Nancy Cartwright in IAI News:
From the faceless particles of fundamental physics to marshes, mountains, and rain forests, fleas, walruses and traffic jams, we are all supposed to live in a world governed by eternal, all-encompassing laws, laws discovered by the experiments of physics and encoded in its mathematical equations. This 400-year-old image of the governance of nature is today being undermined by exciting new modes of understanding across the sciences, including physics and biology, as well as, perhaps less surprisingly, in the study of society.
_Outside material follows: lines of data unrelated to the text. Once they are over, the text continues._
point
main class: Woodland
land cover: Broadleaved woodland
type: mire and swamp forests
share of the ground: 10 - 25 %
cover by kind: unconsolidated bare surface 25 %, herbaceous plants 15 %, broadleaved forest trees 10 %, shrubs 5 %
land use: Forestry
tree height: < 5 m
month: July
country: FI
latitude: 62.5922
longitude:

There is order visible in the world, and invisible. But if we trust to these new ways of understanding, this need not be order by universal law. It can be local, piecemeal, and contextual – much like the world as we encounter it.
We live our everyday lives in a dappled world unlike the world of fundamental particles regimented into kinds, each just like the one beside it, mindlessly marching exactly as has forever been destined. In the everyday world the future is open, little is certain, the unexpected intrudes into the best-laid plans, everything is different from everything else, things change and develop, and different systems built in different ways give rise to different patterns. For centuries this everyday world was at odds with the scientific world governed through-and-through by immutable law. But many of the ways we do science today bring the scientific image into greater harmony with what we see every day: much of modern science understands and manipulates the world without resort to universal laws.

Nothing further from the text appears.